→ What you should do
Images are not wanted; transcribe the rest of the listing exactly.

→ Input data
○ ○ ○ ○ ○ ○ ○

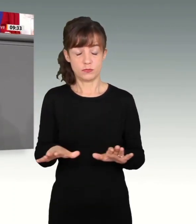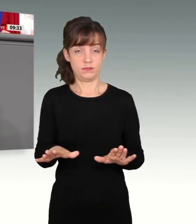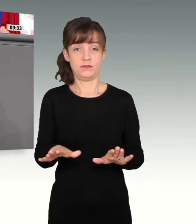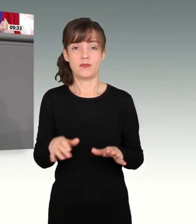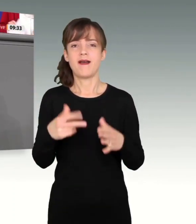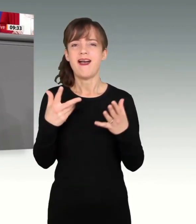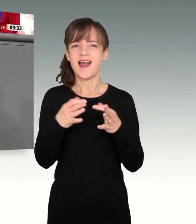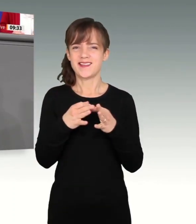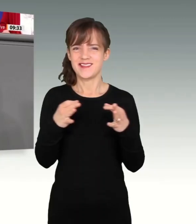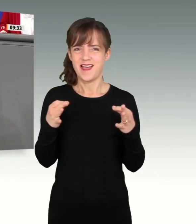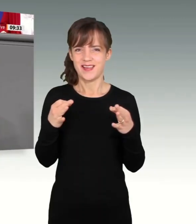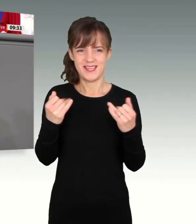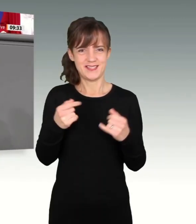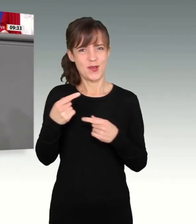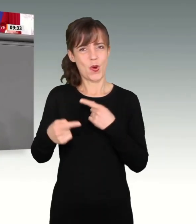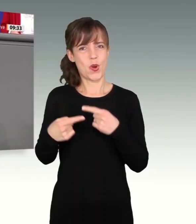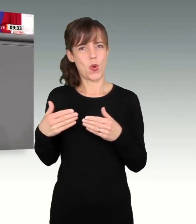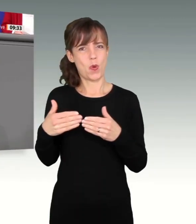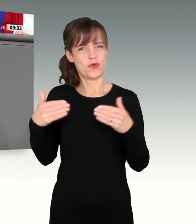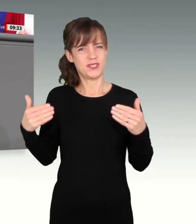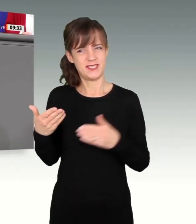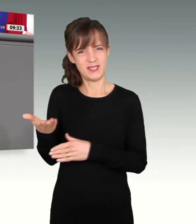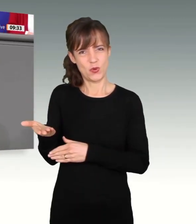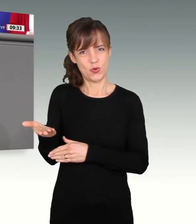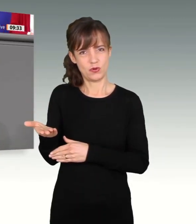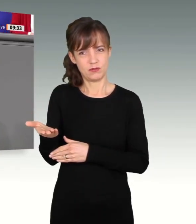Tage in der Opposition ausmachen? Auch das ist erstaunlich.
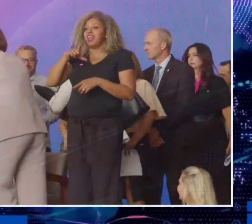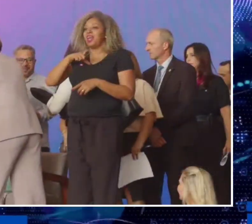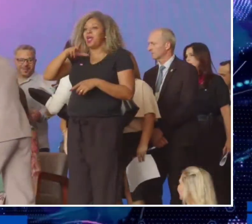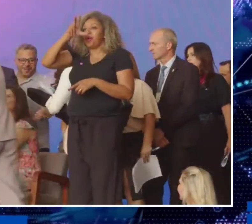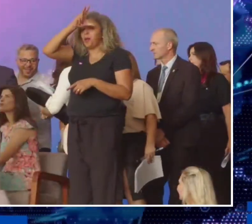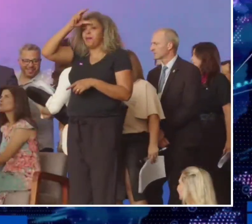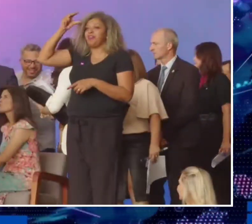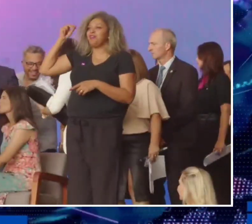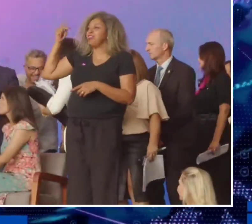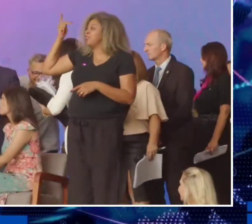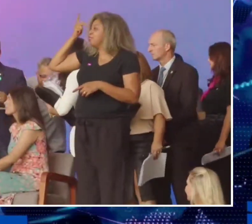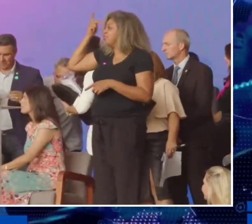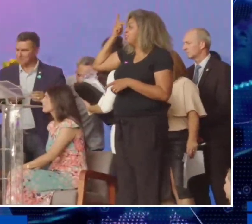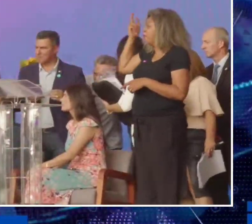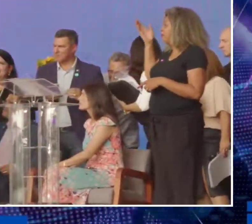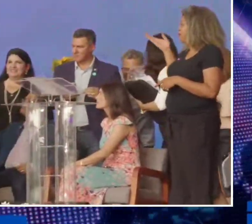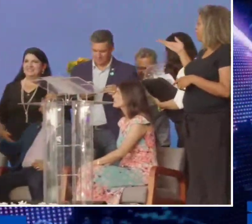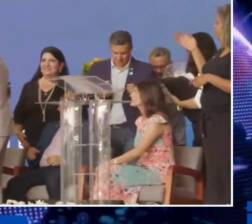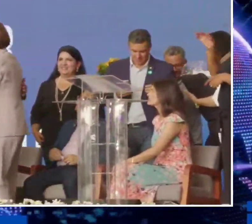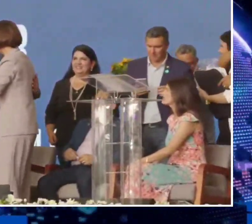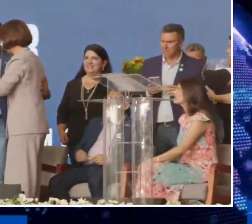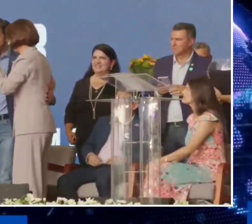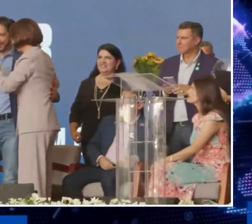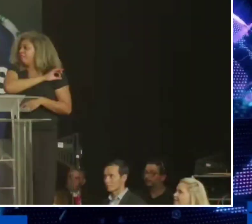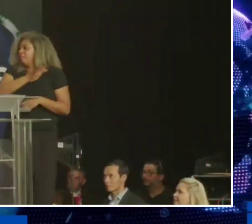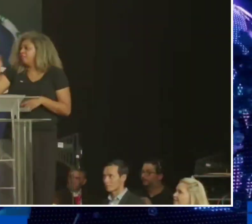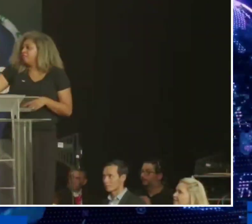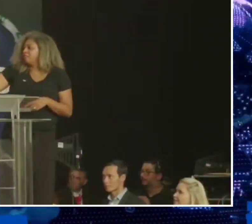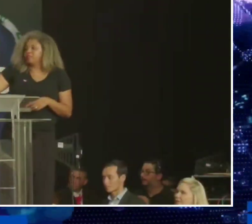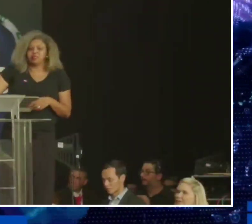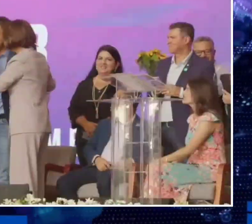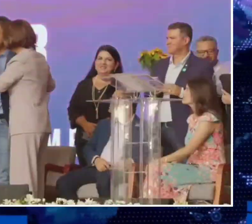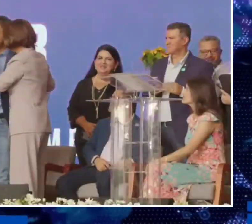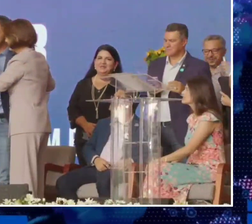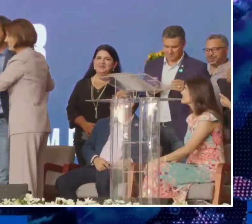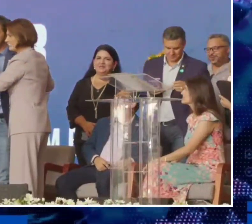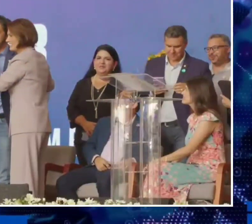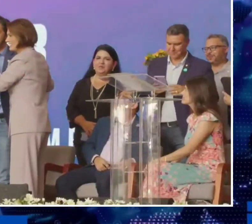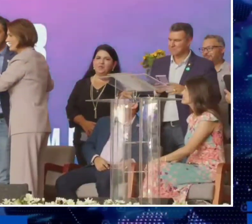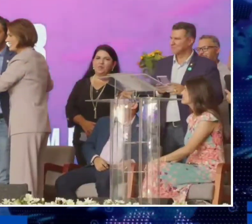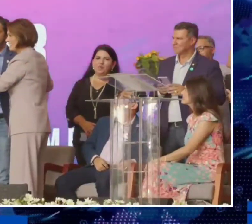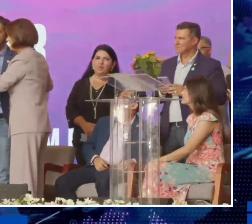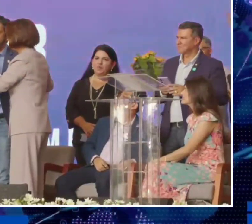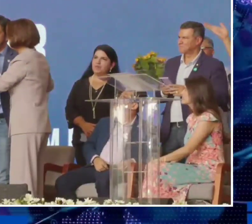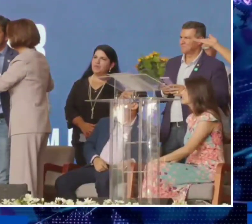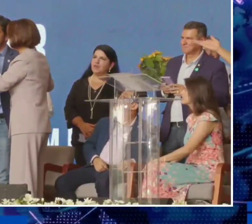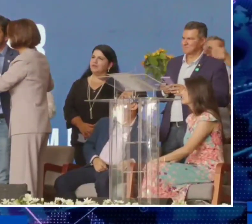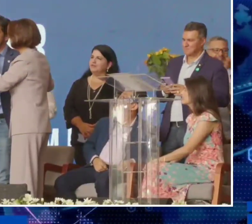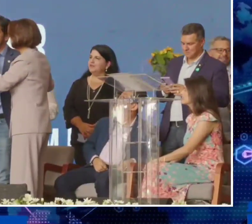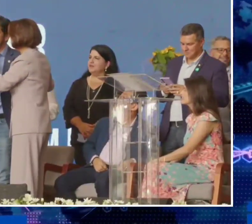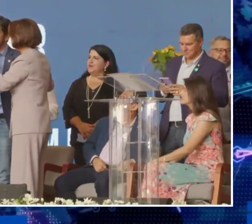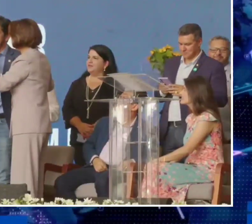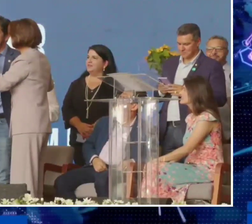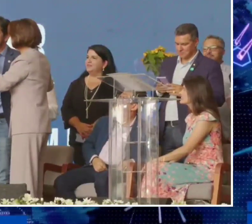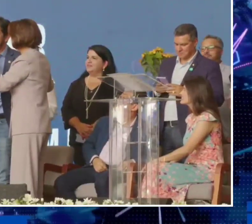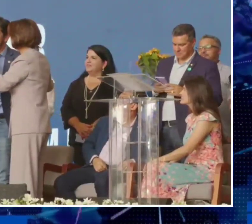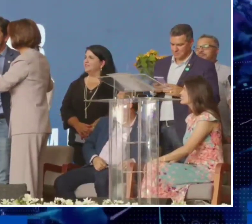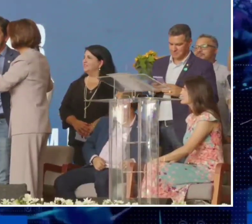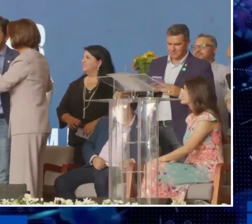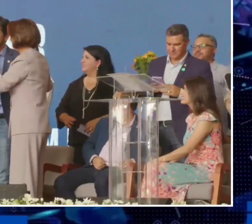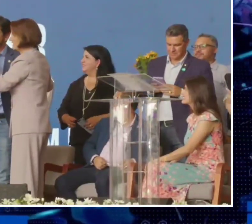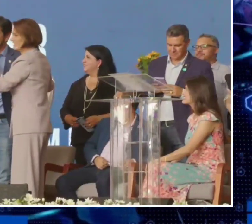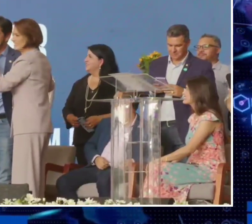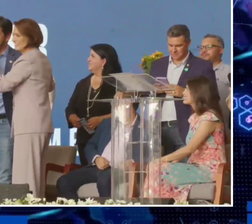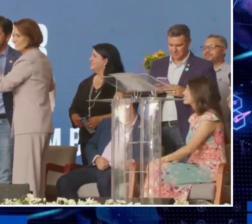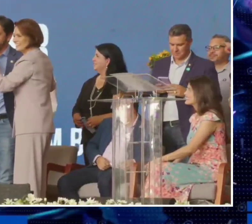Prefeito, me ajuda aqui com as caravanas, prefeito. Fala aqui. Caravana, aqui a gente tem São Paulo inteiro, Michele. Tem Zona
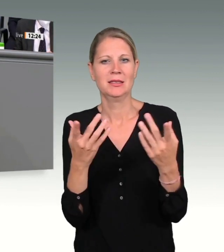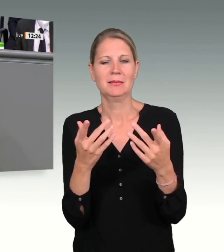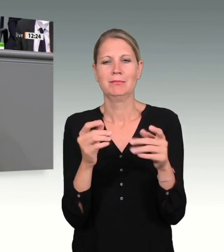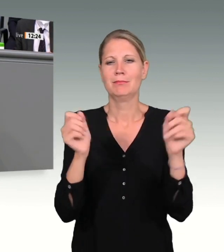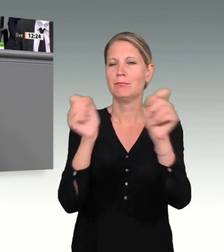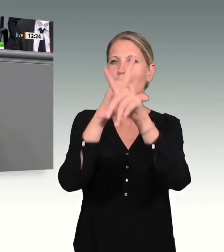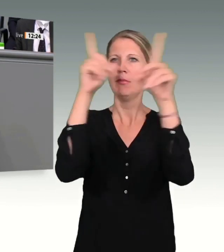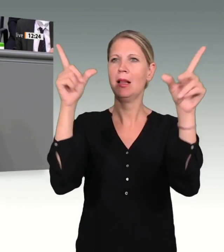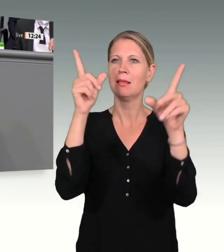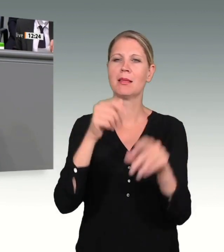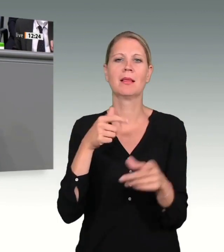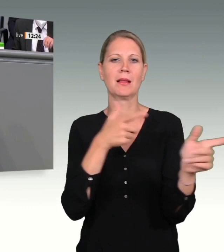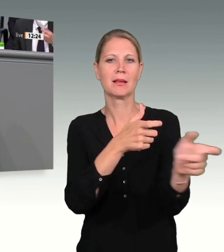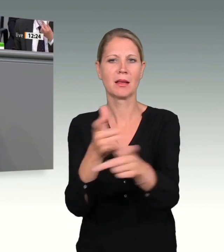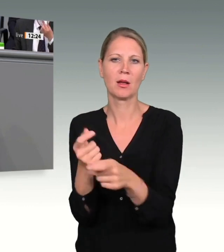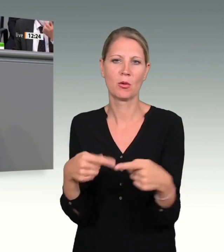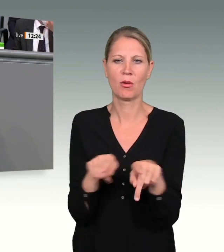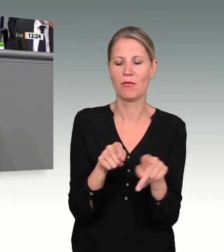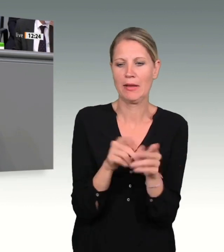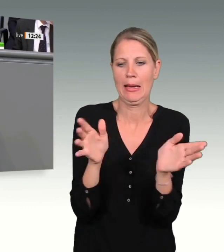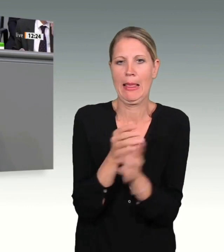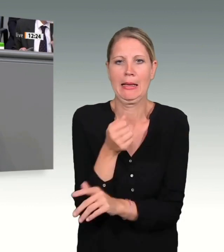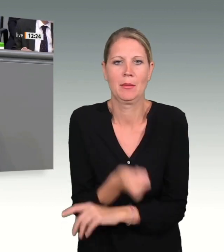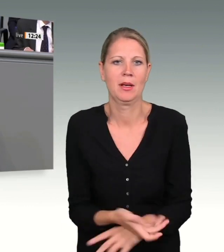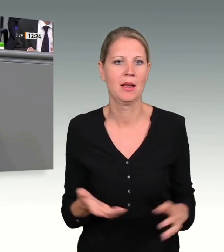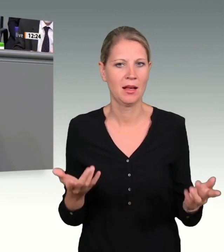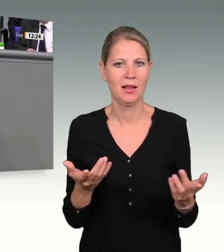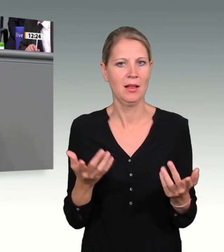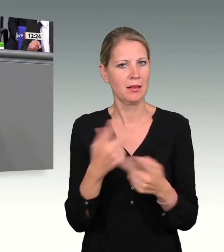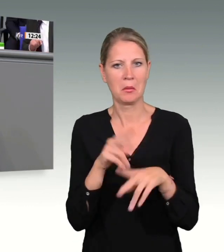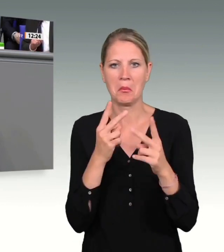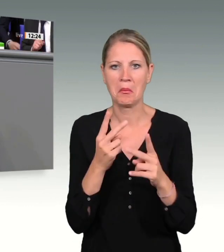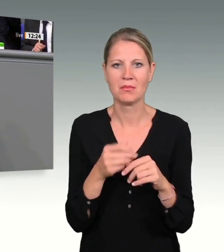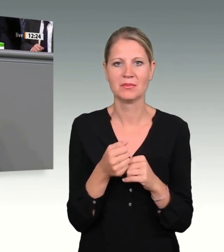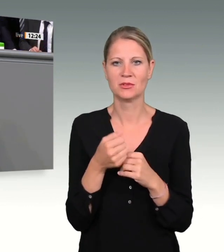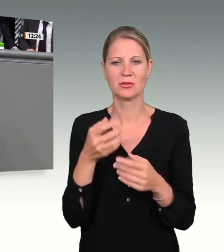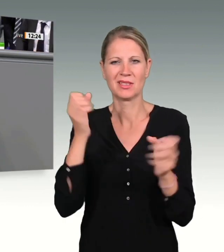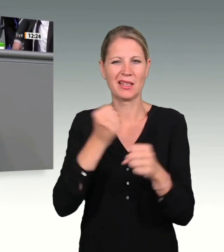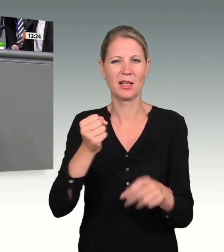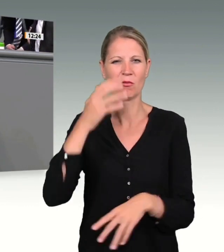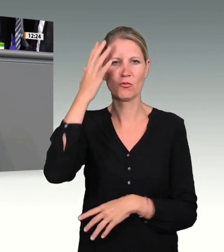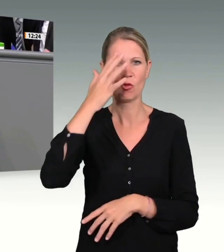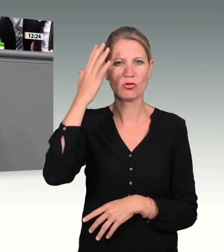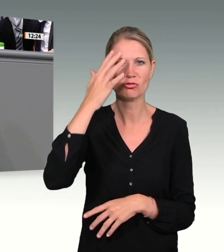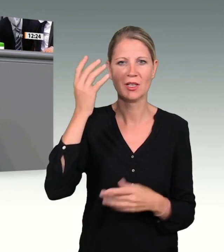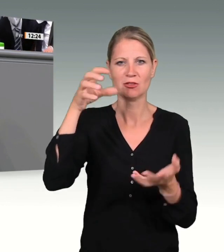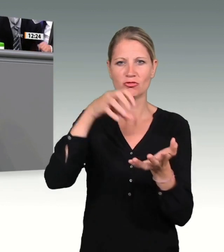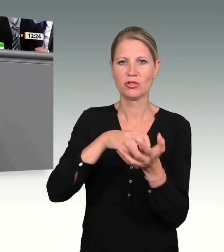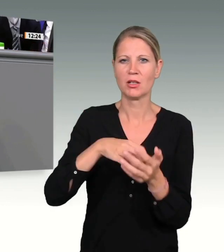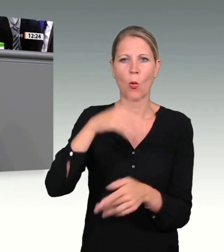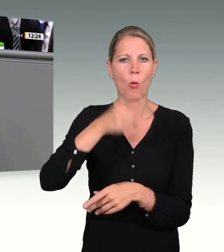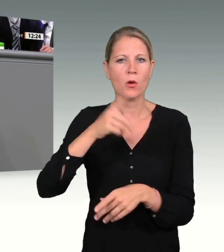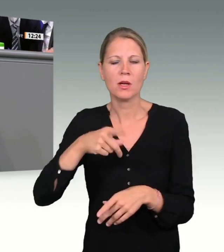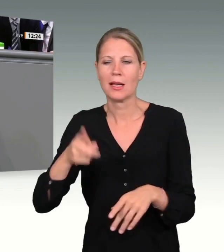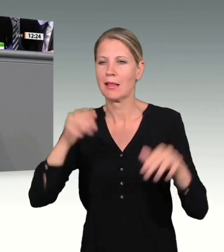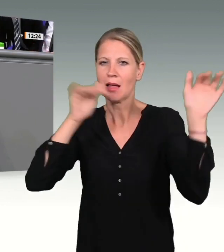konnten sich damals nur wenige vorstellen, zum Beispiel beim LKA NRW. Heute weiß man es, zu spät für die zwölf Menschen, die sie

○ ○ ○ ○ ○ ○ ○

→ Solution for this problem
Tage in der Opposition ausmachen? Auch das ist erstaunlich.
Prefeito, me ajuda aqui com as caravanas, prefeito. Fala aqui. Caravana, aqui a gente tem São Paulo inteiro, Michele. Tem Zona
konnten sich damals nur wenige vorstellen, zum Beispiel beim LKA NRW. Heute weiß man es, zu spät für die zwölf Menschen, die sie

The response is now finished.